A la señora Zhao se le iluminaron los ojos: —Buena idea.
De esta forma, podemos eliminarlas a las dos de un solo golpe y sin mancharnos las manos.
—No cantes victoria tan pronto, Hermana Mayor —dijo la señora Fang—.
Aún es pronto para saber si es verdad o no.
—Encontraré la forma de verificarlo.
—¿Cómo investigarás?
—Empezaré por antes de que la Familia Jiang la trajera de vuelta.
El que la Familia Jiang recuperara a su hija legítima fue una noticia sensacional en la Ciudad Chang’an.
El pequeño patio donde Jiang Ning vivía antes ya había sido acordonado por Jiang Ruobai.
De lo contrario, probablemente estaría abarrotado de curiosos todos los días.
No hay mucho que contar sobre la vida de Jiang Ning durante esos doce años, ya que se había roto una pierna de niña y sus padres adoptivos eran ancianos y frágiles.
Nunca la dejaban salir.
Su único compañero de juegos era He Tang, el único hijo de la Familia He que vivía no muy lejos.
Se podría decir que, antes de que la vida de Jiang Ning diera un vuelco, aparte de sus difuntos padres adoptivos, la persona con la que más familiarizada estaba era He Tang.
Aunque He Tang provenía de una familia humilde, era inteligente, diligente y ambicioso.
No podía haber sido indiferente a esta hermosa amiga de la infancia.
Sin embargo, sus padres desaprobaron su unión en aquel entonces.
Después de todo, Jiang Ning en ese momento no era más que una huérfana lisiada sin nada más que su belleza.

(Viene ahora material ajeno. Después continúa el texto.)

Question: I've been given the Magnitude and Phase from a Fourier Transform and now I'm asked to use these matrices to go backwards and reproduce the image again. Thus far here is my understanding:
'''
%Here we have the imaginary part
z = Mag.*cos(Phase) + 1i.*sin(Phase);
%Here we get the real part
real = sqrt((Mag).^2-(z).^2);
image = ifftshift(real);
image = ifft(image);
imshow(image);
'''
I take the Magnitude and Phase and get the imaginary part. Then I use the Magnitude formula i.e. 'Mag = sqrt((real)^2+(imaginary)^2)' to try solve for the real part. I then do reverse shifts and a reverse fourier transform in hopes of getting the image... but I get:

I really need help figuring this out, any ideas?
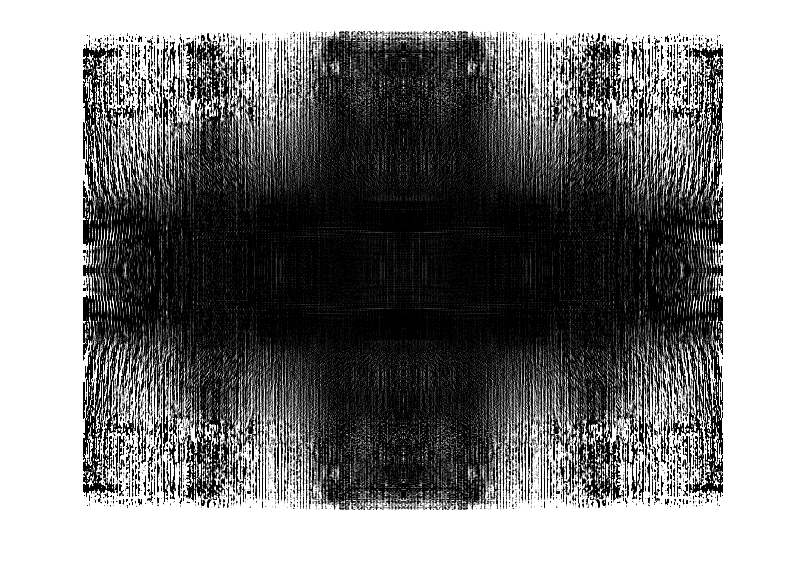
Answer: Your computation of real part and imaginary part is not correct. I'd do this:
'''
z = Mag.*cos(Phase) + 1i*Mag.*sin(Phase); % full matrix of complex amplitudes
%Here we get the real part
real_part = real(z);
imag_part = imag(z); % do you need this at all?!
image = ifftshift(real_part); % not sure why you are doing this
image = ifft(image);
imshow(image);
'''
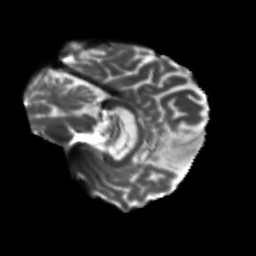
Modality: T2w
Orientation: sagittal
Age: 69
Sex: female
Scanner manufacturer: siemens
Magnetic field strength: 3 T
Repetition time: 5.47 s
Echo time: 0.0854 s
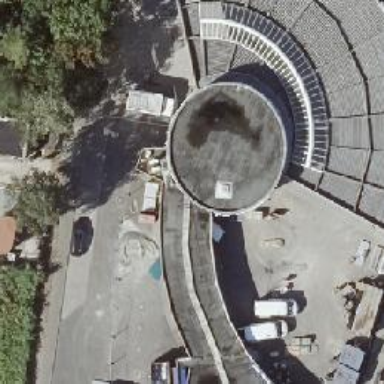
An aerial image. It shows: Retail building with flat roof.

Ningunos padres normales lo habrían aceptado.
Así que He Tang estudió día y noche, pensando que una vez que aprobara el examen imperial y se convirtiera en funcionario, podría decidir por sí mismo.
Había jurado casarse con su amiga de la infancia por todo lo alto.

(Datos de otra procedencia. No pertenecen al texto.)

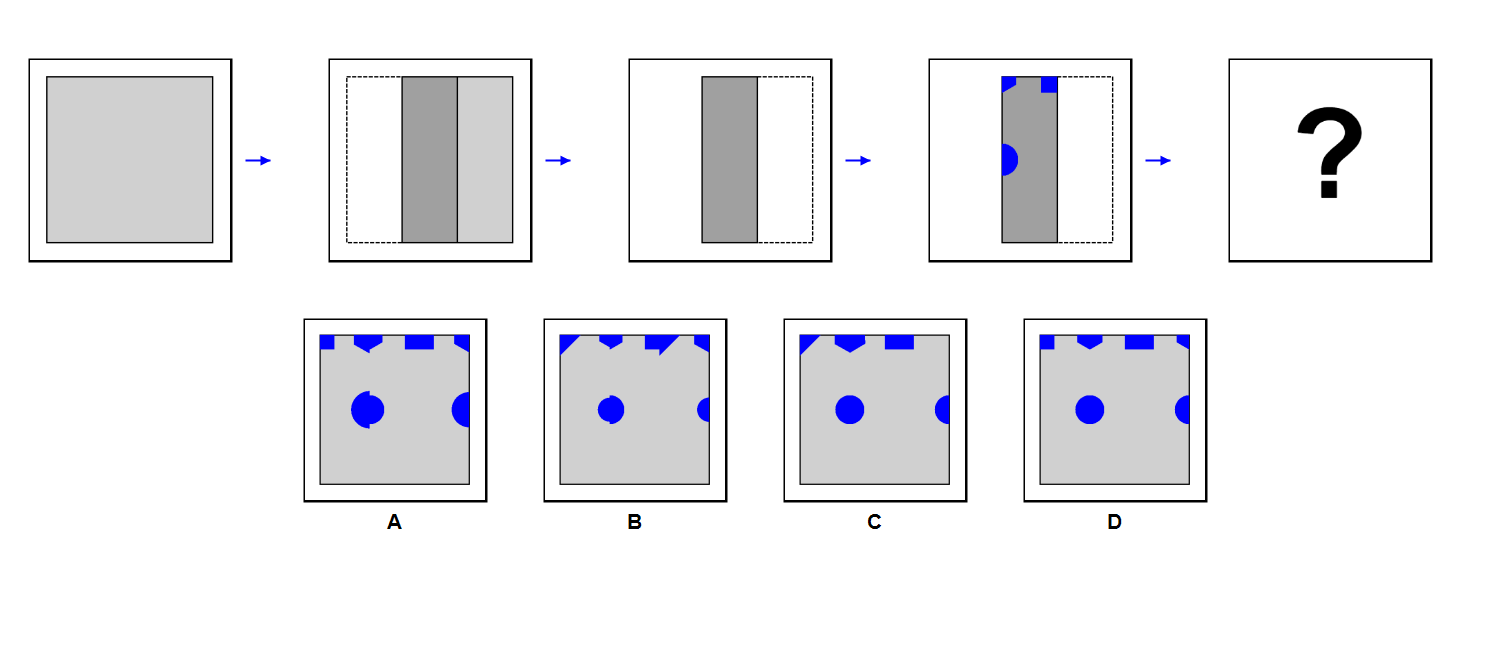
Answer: D
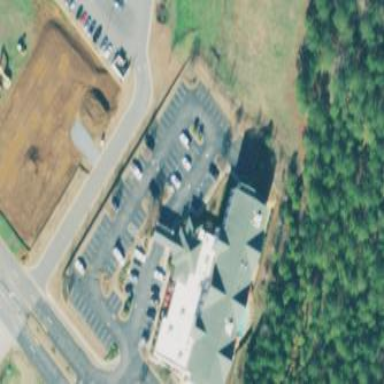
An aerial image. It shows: Hotel building.

Inesperadamente…, antes de que pudiera aprobar el examen imperial, ella ya se había convertido en la honorable hija de la Casa Jiang y se había casado rápidamente con el Príncipe de Yu, convirtiéndose en la Consorte del Príncipe Yu.
He Tang estaba extremadamente frustrado.
Incluso llegó a caer enfermo en casa durante un tiempo.

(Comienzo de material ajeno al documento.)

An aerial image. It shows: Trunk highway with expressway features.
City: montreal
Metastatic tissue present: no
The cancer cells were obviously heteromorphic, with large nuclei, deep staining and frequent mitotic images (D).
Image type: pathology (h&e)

Todos estos sucesos podían descubrirse fácilmente con un poco de investigación cuidadosa.
La señora Zhao gastó algo de dinero y, en pocos días, consiguió averiguar claramente todos estos asuntos.
Puso su mira en He Tang.
Tras consultarlo con la señora Fang, siempre habían sentido que, antes de que Jiang Ning regresara a la familia Jiang, debió de tener algún tipo de relación con He Tang.
Después de concebir un hijo en secreto, regresó a la Casa Jiang y fue descubierta por el Primer Ministro Jiang, quien la casó a toda prisa.
De lo contrario, ¿cómo podrían explicar el comportamiento del Primer Ministro Jiang?
¿Cómo podrían explicar el abultado vientre de Jiang Ning?
Al descubrir esta información, la emoción las hizo temblar de alegría.
¡Por fin podrían deshacerse de esa despreciable señora Li!
Rápidamente, la señora Zhao ideó una forma de filtrar sutilmente esta información a los hombres de Li Teng, sugiriendo que el tamaño del vientre de la Consorte de la Princesa no concordaba con un embarazo de apenas dos meses, ¿podrían ser gemelos?
Además, mencionó que alguien había estado preguntando por la Consorte de la Princesa, un joven de apellido He.
Sin embargo, a pesar de que la información se había filtrado hacía varios días, Li Teng no hizo ningún movimiento; se dedicó a gestionar los asuntos de la casa y visitó al Príncipe en la Corte Principal, además de saludar a la Consorte de la Princesa en el patio trasero como de costumbre.
Se movía a su propio ritmo, sin ningún atisbo de urgencia o dejadez.
Esta inacción llevó a la señora Zhao y a la señora Fang al límite de su paciencia.
—¿Es que esta mujer despreciable es tan estúpida que ni siquiera capta las indirectas?
—exclamó la señora Zhao mientras estrujaba un pañuelo.
—Si todo lo demás falla, tendremos que darle un empujón —dijo la señora Fang.
—¿Y cómo vamos a ayudar?
—Hermana Mayor, piénsalo.
¿Acaso no va a saludar a la Consorte de la Princesa todos los días?
Si algo le pasara a la Consorte de la Princesa, ¿quién sería la principal sospechosa?